**WHAT NEEDS TO BE DONE**
What is the count of lines in the data that hold the string "prime"? State the number alone.

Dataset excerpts
# # # # #
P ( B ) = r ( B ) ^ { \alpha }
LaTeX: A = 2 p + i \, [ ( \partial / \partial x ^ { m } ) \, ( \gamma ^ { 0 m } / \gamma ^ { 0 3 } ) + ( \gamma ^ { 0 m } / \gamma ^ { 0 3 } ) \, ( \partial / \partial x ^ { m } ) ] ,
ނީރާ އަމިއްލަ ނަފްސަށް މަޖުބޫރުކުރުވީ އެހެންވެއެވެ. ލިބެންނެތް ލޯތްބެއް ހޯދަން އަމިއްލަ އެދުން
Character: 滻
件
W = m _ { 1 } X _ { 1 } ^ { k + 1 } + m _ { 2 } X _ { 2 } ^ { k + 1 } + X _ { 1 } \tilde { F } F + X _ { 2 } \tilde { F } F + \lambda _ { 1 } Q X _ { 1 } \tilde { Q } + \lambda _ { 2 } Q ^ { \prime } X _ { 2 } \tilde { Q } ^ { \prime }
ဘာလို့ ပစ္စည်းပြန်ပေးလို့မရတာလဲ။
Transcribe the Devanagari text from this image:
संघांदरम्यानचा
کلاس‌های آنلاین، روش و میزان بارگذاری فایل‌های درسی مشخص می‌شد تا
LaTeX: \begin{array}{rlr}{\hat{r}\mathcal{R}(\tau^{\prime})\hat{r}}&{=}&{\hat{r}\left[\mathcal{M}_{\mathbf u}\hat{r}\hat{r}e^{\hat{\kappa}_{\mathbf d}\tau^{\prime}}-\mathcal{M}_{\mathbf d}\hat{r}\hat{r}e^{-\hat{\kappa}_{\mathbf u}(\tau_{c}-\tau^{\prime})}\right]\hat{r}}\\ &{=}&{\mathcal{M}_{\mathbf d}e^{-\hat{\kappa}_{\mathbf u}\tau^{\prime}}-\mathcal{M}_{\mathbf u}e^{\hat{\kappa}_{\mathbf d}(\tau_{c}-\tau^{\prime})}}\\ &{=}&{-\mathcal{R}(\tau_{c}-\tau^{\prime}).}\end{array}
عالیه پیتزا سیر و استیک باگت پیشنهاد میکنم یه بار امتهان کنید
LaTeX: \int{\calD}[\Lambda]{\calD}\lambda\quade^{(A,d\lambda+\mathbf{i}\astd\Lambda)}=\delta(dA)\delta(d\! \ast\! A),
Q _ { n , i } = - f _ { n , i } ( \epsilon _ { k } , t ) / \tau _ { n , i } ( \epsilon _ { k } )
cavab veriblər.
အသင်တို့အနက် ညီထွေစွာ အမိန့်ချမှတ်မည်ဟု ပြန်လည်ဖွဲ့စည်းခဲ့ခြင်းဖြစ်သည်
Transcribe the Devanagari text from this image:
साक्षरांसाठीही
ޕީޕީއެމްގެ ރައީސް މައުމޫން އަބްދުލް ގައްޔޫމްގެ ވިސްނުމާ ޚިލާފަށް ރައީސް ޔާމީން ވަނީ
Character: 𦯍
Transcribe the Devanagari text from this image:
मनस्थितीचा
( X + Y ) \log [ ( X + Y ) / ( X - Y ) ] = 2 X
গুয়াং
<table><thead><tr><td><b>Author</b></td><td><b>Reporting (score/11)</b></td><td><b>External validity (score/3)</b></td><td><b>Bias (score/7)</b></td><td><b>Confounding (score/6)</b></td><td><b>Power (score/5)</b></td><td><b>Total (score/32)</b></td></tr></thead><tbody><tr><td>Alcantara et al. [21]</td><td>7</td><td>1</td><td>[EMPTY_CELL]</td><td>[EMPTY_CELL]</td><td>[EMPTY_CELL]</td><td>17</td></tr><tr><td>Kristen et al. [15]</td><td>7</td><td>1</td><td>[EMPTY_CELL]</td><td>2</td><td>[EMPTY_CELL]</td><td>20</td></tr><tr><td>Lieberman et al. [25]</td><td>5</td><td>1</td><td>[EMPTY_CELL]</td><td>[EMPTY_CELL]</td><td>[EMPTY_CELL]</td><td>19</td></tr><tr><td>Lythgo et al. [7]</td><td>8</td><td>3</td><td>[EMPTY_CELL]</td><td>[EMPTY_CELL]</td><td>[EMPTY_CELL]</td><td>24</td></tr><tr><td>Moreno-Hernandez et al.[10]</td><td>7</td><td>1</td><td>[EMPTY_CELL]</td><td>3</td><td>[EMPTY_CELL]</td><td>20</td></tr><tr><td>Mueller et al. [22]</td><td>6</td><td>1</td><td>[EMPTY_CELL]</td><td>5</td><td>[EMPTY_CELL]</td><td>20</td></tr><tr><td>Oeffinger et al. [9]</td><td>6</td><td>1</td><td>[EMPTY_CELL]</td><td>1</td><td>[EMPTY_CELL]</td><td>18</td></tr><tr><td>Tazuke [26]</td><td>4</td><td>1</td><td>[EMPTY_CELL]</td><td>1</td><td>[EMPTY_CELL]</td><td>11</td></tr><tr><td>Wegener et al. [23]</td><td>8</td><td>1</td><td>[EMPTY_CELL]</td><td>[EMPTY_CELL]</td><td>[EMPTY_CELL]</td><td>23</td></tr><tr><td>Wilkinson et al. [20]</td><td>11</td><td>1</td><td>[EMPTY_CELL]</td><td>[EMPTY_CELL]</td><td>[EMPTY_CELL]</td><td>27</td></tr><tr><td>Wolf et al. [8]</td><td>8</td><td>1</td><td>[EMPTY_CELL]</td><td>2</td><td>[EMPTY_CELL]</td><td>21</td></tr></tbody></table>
# # # # #
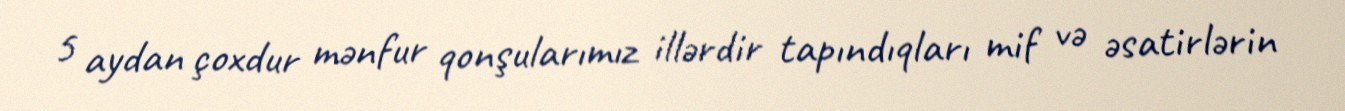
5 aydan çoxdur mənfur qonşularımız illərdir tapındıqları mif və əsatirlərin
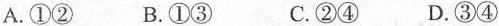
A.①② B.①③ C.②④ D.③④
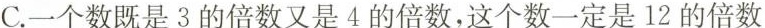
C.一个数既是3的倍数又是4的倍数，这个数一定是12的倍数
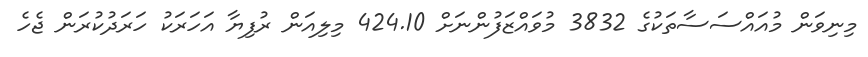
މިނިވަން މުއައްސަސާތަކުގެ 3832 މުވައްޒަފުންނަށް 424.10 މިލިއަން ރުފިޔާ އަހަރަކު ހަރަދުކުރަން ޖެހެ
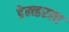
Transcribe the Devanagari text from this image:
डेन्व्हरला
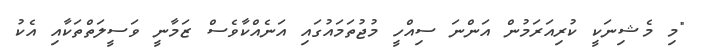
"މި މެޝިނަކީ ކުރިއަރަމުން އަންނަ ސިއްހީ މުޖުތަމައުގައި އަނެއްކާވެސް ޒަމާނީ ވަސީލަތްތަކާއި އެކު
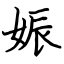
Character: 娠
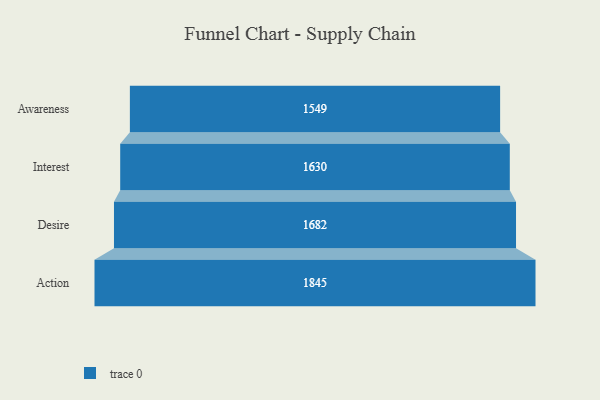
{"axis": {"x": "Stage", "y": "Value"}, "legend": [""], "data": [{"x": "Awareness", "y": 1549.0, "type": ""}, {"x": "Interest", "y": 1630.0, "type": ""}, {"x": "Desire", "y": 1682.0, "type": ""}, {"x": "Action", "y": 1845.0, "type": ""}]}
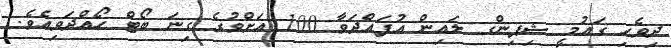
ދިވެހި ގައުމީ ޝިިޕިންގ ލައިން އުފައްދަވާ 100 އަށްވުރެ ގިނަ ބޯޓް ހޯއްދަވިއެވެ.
# # # # #
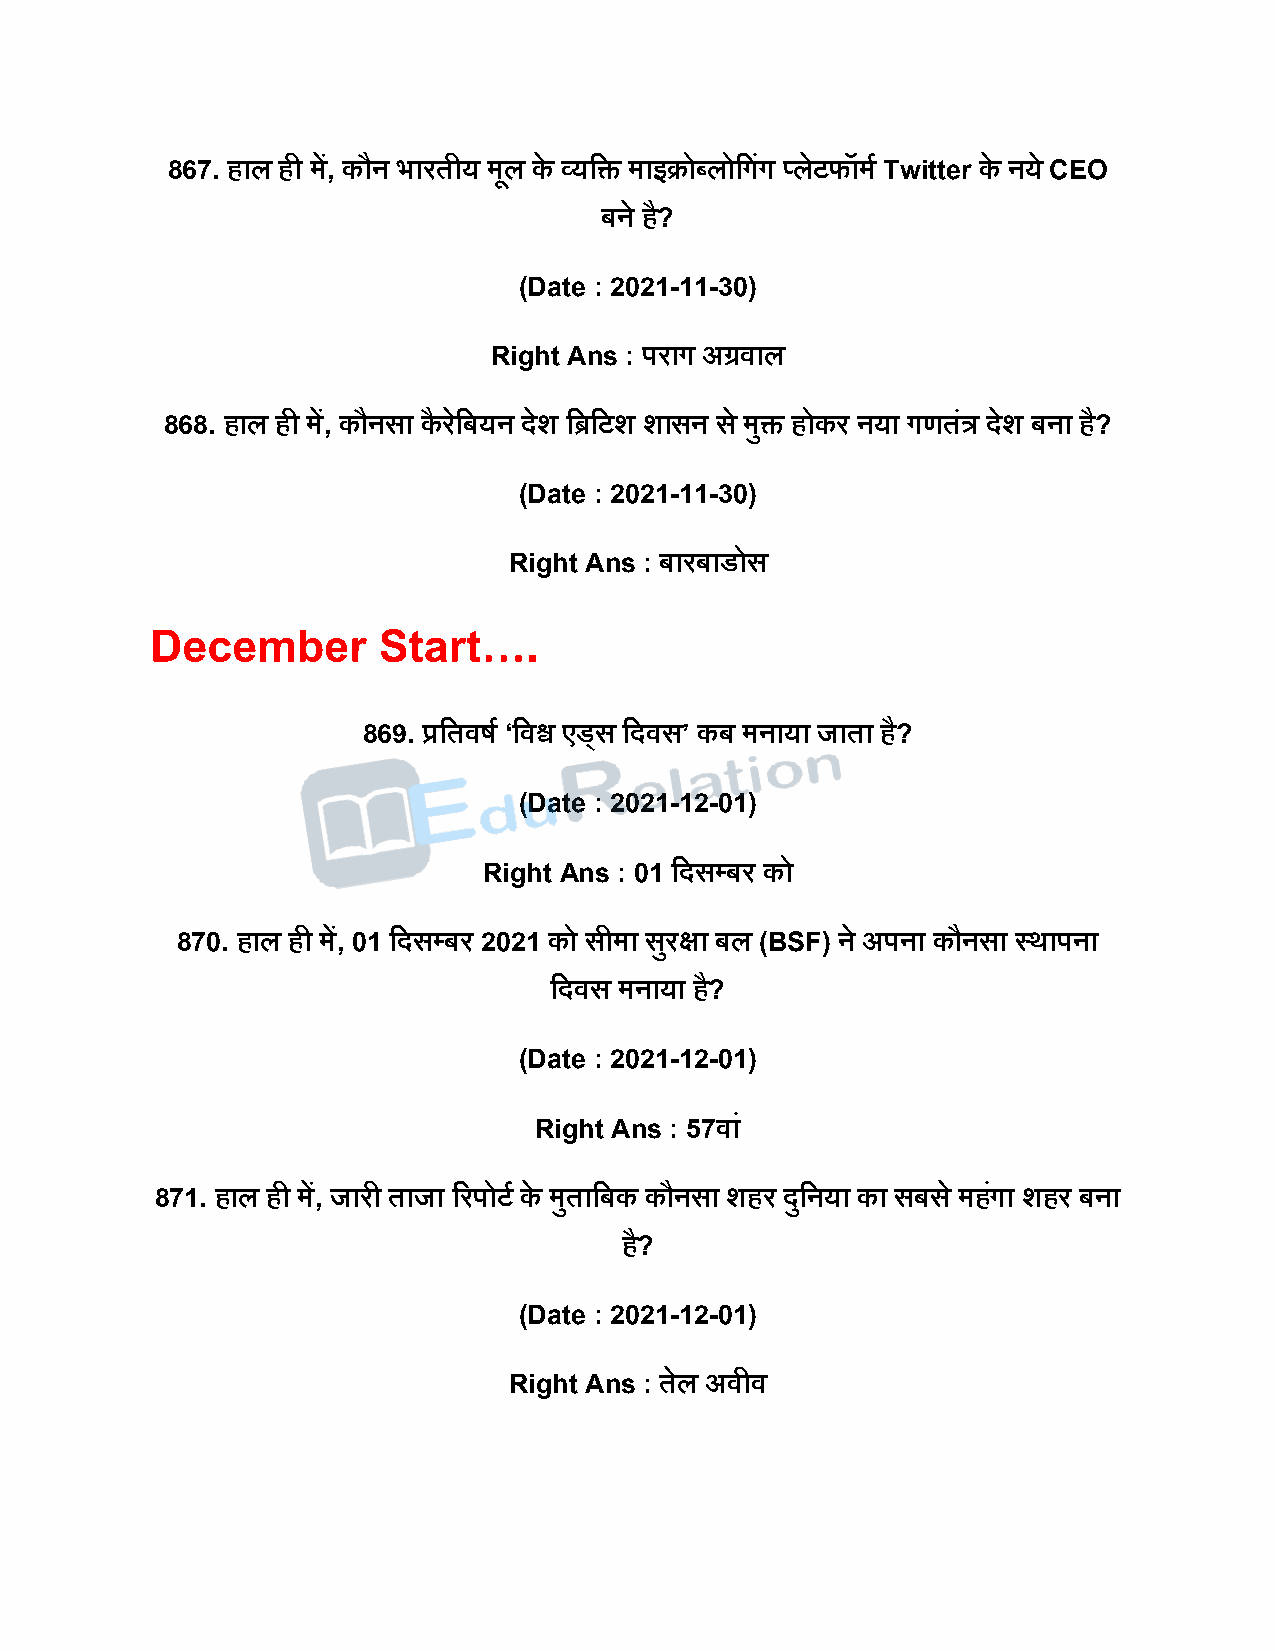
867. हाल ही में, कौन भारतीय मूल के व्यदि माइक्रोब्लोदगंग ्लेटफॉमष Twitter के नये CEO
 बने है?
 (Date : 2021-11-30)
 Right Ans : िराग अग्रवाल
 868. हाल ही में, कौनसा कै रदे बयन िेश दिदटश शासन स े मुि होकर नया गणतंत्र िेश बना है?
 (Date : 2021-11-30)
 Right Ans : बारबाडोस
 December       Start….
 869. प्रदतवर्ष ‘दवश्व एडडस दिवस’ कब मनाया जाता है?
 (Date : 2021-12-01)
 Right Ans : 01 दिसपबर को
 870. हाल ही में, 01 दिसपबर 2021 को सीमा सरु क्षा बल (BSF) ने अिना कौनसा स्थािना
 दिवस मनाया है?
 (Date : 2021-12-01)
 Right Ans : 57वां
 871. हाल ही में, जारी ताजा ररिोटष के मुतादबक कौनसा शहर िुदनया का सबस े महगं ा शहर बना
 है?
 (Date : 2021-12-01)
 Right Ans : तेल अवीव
# # # # #
**SOLUTION TO THE PROBLEM**
2